Electric ceiling fans and incandescent light bulbs have been around since the late 1800s, but both have been undergoing massive changes lately.
The time is coming when the average consumer might not even recognize a ceiling fan when they see one. SleepFans’ engineer Tim Peery hints that in the not-too-distant future, “You will see a ceiling fan that’s not really a ‘fan’ at all.” He adds, “You will also see a ceiling fan with no motor in the middle. I don’t see a future for ordinary flat blade ceiling fans.”
Peery knows a thing or two about unusual fan design. In 2011, he co-founded SleepFans with two other aerospace and aviation enthusiasts (SleepFans products are distributed through Savoy House). What made their initial product line distinctive was their interest in research that demonstrated how sound frequencies affect brain activity and can help people achieve a better night’s sleep. As a result, SleepFans portable models feature custom-designed fan petals that emit a low-frequency noise – also known as red noise – that reportedly leads to relaxation and easier sleep. Those research findings plus their exploration in adapting airfoil designs to portable fans led to an innovative product line. Last year, the SleepFans founders began designing a few ceiling fans for Savoy House. Due to some of the mechanical differences between portable and ceiling-mounted fans, those ceiling fans do not offer the sleep-promoting technology; however, they do feature the same high efficiency.

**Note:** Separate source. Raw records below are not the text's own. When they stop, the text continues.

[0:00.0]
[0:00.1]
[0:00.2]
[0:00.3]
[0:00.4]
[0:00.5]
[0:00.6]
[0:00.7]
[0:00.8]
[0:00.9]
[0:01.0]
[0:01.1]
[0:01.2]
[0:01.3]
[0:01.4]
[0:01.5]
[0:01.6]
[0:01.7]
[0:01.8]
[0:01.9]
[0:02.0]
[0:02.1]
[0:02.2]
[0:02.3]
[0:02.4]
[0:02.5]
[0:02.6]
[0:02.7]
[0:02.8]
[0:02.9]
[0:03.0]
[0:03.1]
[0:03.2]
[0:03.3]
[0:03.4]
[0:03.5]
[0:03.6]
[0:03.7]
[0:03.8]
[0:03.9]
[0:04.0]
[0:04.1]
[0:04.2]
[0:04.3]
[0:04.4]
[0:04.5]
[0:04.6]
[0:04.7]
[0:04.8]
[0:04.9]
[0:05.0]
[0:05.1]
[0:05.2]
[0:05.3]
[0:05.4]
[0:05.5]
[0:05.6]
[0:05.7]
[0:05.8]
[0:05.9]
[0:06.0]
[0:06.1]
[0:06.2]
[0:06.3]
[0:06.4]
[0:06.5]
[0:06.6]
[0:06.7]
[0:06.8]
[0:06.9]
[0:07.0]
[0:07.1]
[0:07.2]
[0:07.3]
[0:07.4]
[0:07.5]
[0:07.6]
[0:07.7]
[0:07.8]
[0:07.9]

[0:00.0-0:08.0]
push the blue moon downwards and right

One aspect of ceiling fans that the SleepFans trio took note of was that typical ceiling fans were less aerodynamic than their pedestal fans. “If you were to stand directly below a ceiling fan’s center, you won’t feel the same amount of airflow [as you would from the side]. In most fans, the air blows down from the tips,” Peery says. Their challenge was to design a ceiling fan that would blow air down evenly regardless if one was standing directly below or on the side. “Once we got our tapered airfoil blades [from the pedestal fans] up there, we saw an opportunity for some real optimization. By twisting the blades, we were able to achieve more even flow versus the output from flat blades. I used a winglet design I did for an aircraft to reduce the circular vortex at the tips that causes much of the noise and turbulence.
“The aerodynamic techniques we’re using are 100 years old or more, but many are just now being applied to fans,” Peery states. The changes in the electronics and components industries – i.e. LED technology – are also leading to changes in ceiling fan design. In 2015, look for additional ceiling fan designs from SleepFans with DC motors.

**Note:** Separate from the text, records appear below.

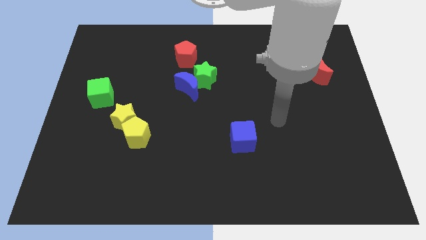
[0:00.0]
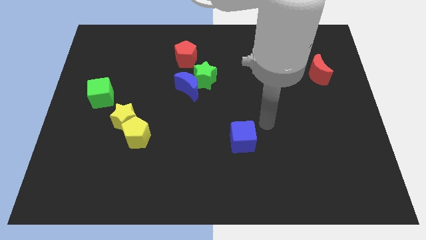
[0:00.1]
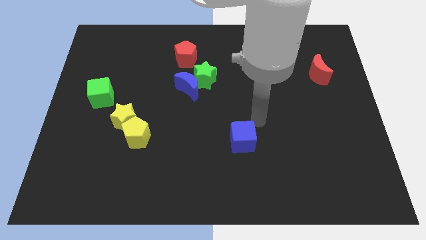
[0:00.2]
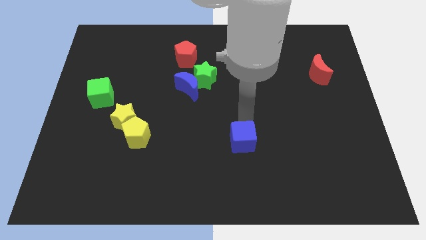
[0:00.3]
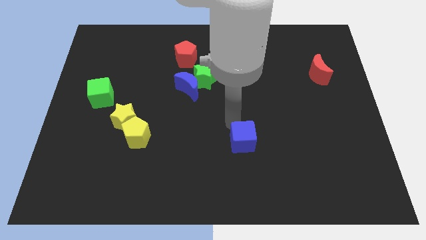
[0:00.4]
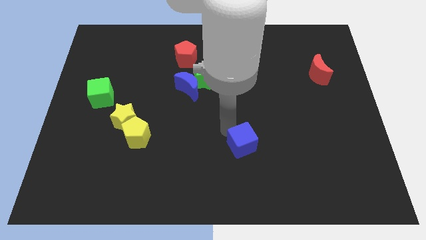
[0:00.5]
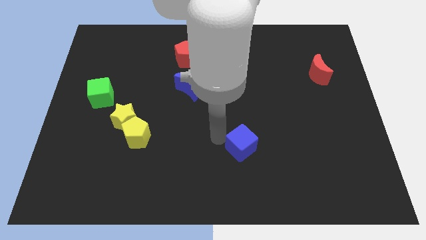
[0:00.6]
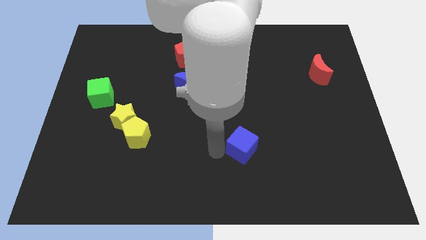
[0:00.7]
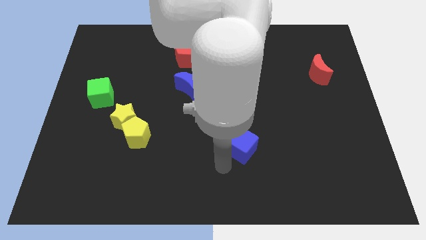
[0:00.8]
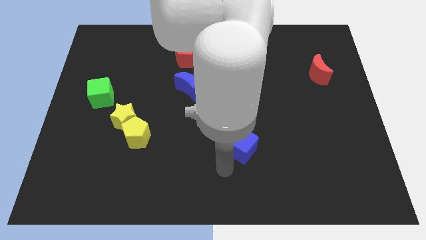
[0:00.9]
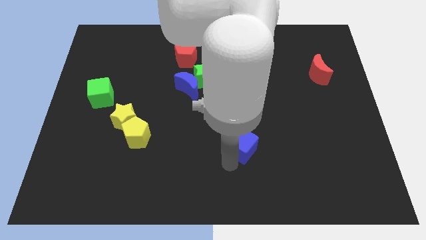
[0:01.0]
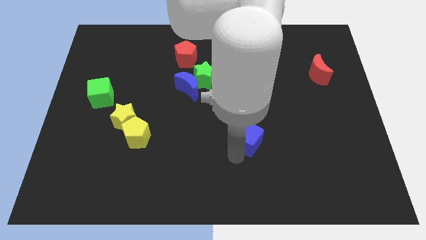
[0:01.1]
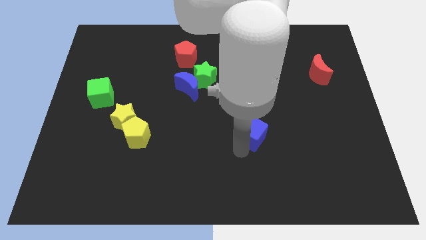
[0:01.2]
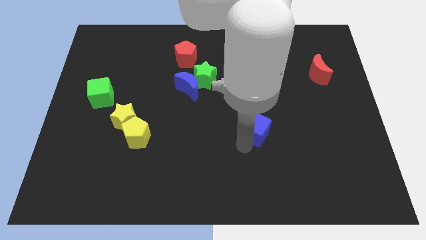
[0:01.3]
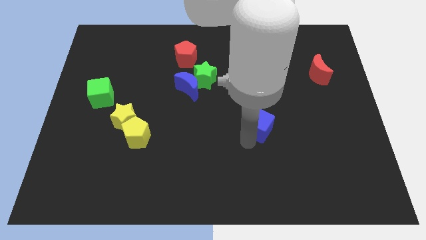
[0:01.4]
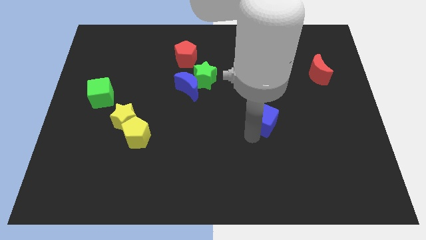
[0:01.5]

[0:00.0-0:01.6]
slightly slide the blue cube diagonally upwards and right

Speaking of airflow issues, Fanimation President Nathan Frampton says the Department of Energy (DOE) is about to publish its new proposal for a standard in measuring airflow in ceiling fans. “There are standards right now, but the tests are pretty basic,” he explains. Once that document is released, there is an opportunity for the industry’s ceiling fan task force to review the findings.
When it comes to trends, Frampton has noticed larger fans becoming more popular with consumers, although they are often confused about the size of fan they need for a given room.
“In general, people are focused on airflow when buying a fan, but it’s important for the sales associate to ask how often they are running their ceiling fans on ‘high’ versus low or medium. Find out how much airflow they are looking for. Their preference may not be solely about airflow capability. Maybe they are looking for a decorative ceiling fan that also needs to be the light source for the room because there is only one junction box,” he states. “No one is going to be able to tell them the difference between a DC or AC fan motor at a home center,” he adds. “Lighting showrooms and fan shops have an impressive opportunity to educate the consumer. Give them advice they can’t get at Home Depot or Lowes.”
No stranger to offering unusually shaped fans and fan blades, Fanimation recently unveiled its FanLink technology, which allows any ceiling fan in any room to be controlled by a smart phone. This isn’t a case of merely being able to turn a ceiling fan on or off; the FanLink control also allows users to dim the light on the light kit, change the speed, and set the timer. Best of all, the FanLink can work on any brand of fan — not just those from Fanimation.
As the examples of SleepFans and Fanimation illustrate, new energy-efficient and consumer-friendly technology affecting the ceiling fan industry is being developed at a pace faster than it ever has before. Embrace this opportunity to educate your customers on how today’s ceiling fans can do so much more than they thought possible.